Good signing, forget the problems with the contract extension, this is a good signing.

PG: Andre Miller...Earl Boykins
SG: Latrell Sprewell...Voshon Lenard...Julius Hodge
SF: Carmelo Anthony...Eduardo Najera
PF: Kenyon Martin...Nene...Linas Kleiza
C: Marcus Camby...Francisco Elson

That is really nice. :yes:


----------



## RoddneyThaRippa (Jun 28, 2003)

This doesn't do a thing for the Nuggets and I'll tell you why: 

We're a young team that has a little ways to go before we become contenders. Sprewell, while still a decent player, is past his prime. He's 34 and can be a hard guy to deal with at times. Beyond this year, what can he contribute to the team?

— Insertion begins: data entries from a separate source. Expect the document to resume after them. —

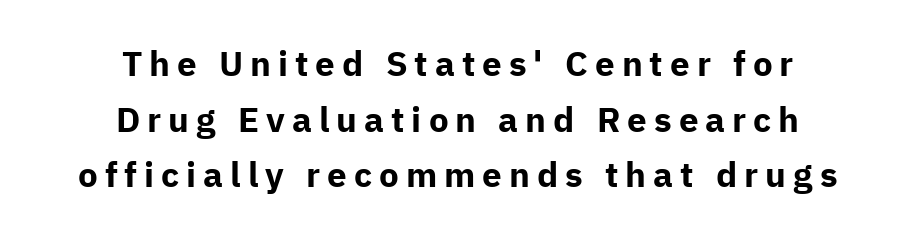
No feet cap the strokes, marking this as sans-serif type. Typeset on center — no edge is straight. Does the weight exceed regular? Yes, all the way to bold. Notice how the stems are strictly vertical — no italics here. The passage shown is typed in a proportional face where columns would drift.
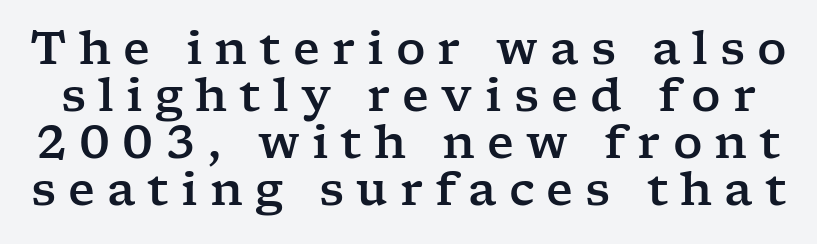
Q: Is the text italic (slanted)? A: No, it is upright.
Q: Is the typeface a serif or a sans-serif typeface? A: Serif.
Q: Is the text underlined? A: No.
Q: Is the spacing between letters normal or unusually wide? A: Unusually wide.
Q: Is the spacing between lines tight, normal or loose? A: Tight.
Q: Width (condensed, normal, or wide)? A: Wide.
Q: Stroke contrast? A: Low.
Q: x-height? A: Medium.
Q: Monospaced? A: No.
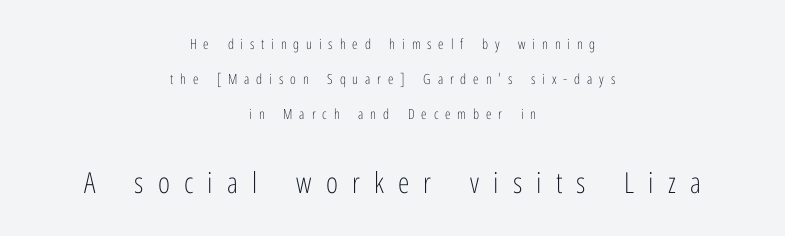
Look at the bottom of the vertical strokes: they stop flat, with no serifs. Words appear elongated and porous because spacing is wide. The strokes are not fattened; the text isn't bold. No italicization has been applied; the sample stays upright. Airy leading. The glyphs are unaccompanied by any horizontal stroke below them.
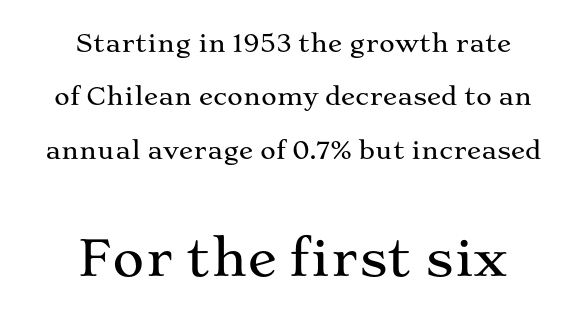
The block sitting lower on the canvas is the one with enlarged characters. Rule under the text: the space is simply empty. Little horizontal feet cap the strokes, marking this as serif type. Inter-character spacing is left at the font's built-in metrics.
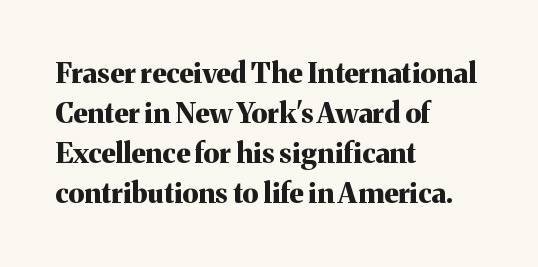
Q: Is the text bold? A: Yes.
Q: Is the text italic (slanted)? A: No, it is upright.
Q: Is the typeface a serif or a sans-serif typeface? A: Serif.
Q: Is the text underlined? A: No.
Q: How is the paragraph aligned? A: Left-aligned.
Q: Is the spacing between letters normal or unusually wide? A: Normal.
Q: Is the spacing between lines tight, normal or loose? A: Normal.
Q: Width (condensed, normal, or wide)? A: Normal.
Q: Stroke contrast? A: Medium.
Q: x-height? A: Medium.
Q: Monospaced? A: No.

Not much. Does Kiki think we're contenders this year? I honestly think he does, which is absurd to me. Sprewell adds no long term value to us whatsoever, so what's the point of us signing him? To help *contend* this year? Right...

I lose more and more faith in Kiki with every offseason. He messed up with Kenyon, has handled Nene poorly, still hasn't solidified our shooting guard position long-term, and had a questionable draft. He needs to get this idea out of his head that we're a contending team, because we really aren't that close.


----------



## cpawfan (Jun 20, 2004)

This is horrible. 

Spree is done, is a shooting guard that can't shoot well and is a poor passer.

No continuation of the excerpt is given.